Find every line below with the word "type". Then give only how many there are.
*** Data for the task Section Begins ***
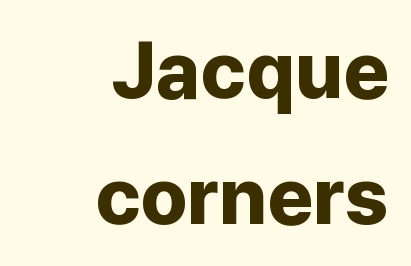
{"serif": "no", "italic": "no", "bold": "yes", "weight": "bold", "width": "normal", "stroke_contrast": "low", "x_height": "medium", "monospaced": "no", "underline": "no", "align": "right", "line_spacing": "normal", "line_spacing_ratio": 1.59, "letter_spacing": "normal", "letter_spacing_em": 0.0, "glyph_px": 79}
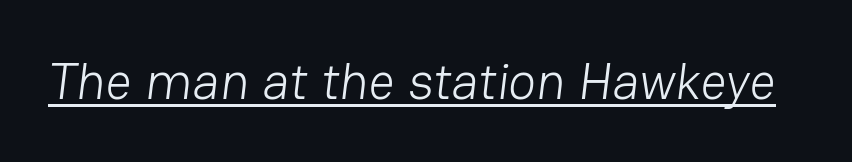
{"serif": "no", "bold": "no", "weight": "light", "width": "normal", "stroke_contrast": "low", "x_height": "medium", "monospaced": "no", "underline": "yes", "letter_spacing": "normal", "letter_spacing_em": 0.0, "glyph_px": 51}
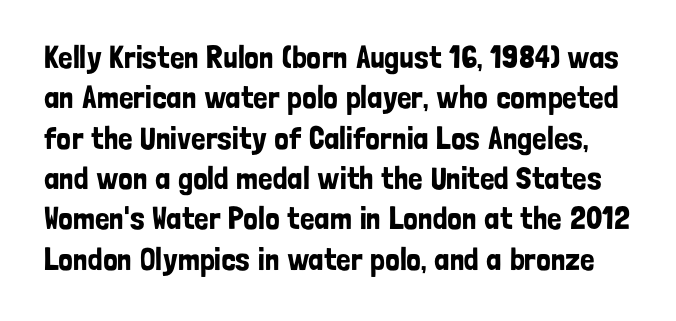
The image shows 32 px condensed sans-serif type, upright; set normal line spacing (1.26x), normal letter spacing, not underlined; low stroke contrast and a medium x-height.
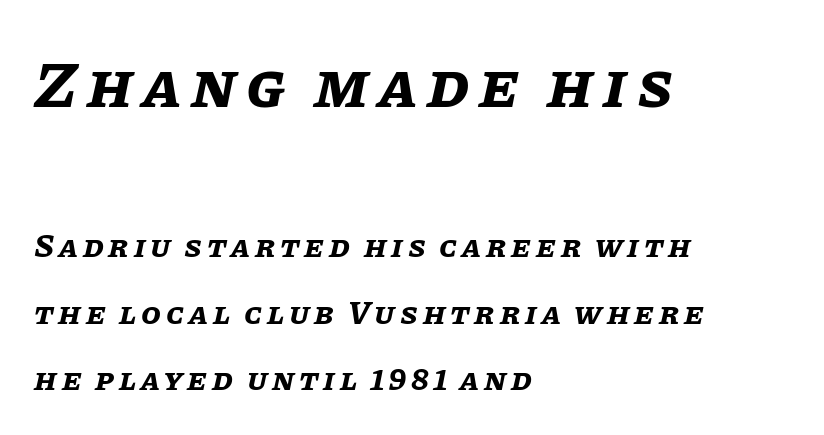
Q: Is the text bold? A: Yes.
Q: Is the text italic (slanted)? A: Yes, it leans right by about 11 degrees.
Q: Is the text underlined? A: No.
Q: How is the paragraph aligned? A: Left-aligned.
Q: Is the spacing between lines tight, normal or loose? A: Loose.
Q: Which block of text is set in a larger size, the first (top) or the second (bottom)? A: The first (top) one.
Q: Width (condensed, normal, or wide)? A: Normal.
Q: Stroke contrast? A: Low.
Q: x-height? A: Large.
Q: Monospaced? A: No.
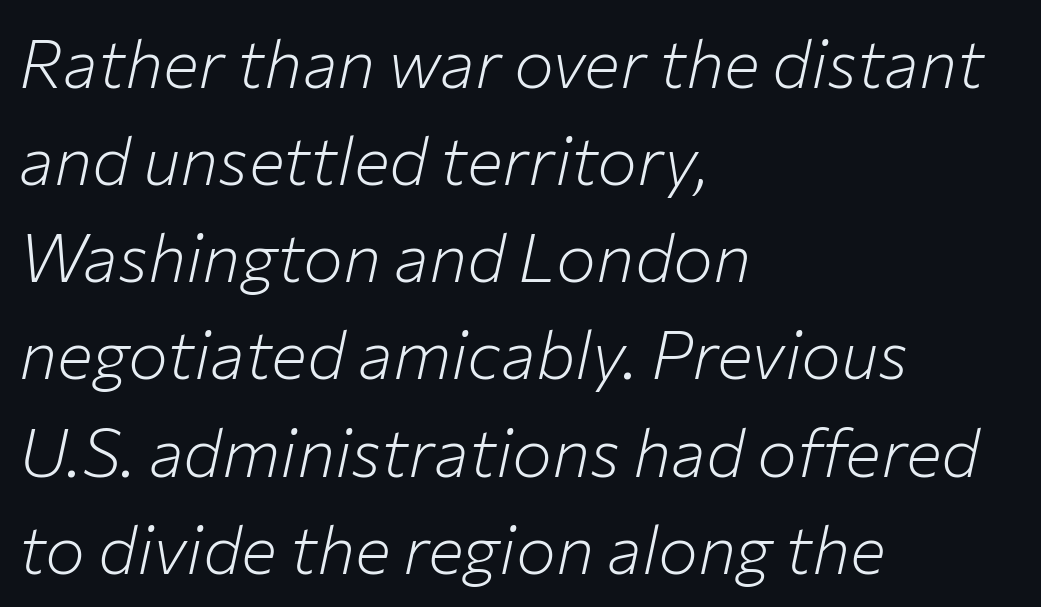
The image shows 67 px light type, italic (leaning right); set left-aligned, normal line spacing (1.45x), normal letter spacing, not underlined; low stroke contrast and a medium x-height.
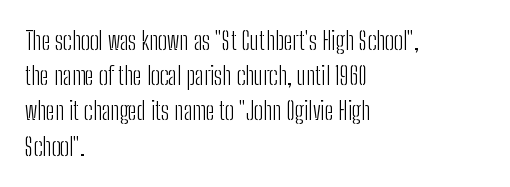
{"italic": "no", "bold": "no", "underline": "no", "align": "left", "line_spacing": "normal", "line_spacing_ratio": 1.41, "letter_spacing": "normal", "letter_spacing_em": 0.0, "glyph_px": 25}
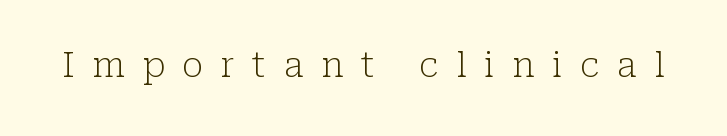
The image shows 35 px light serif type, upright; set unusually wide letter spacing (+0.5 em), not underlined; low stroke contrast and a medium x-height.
*** Data for the task Section Ends ***
* _Response_
3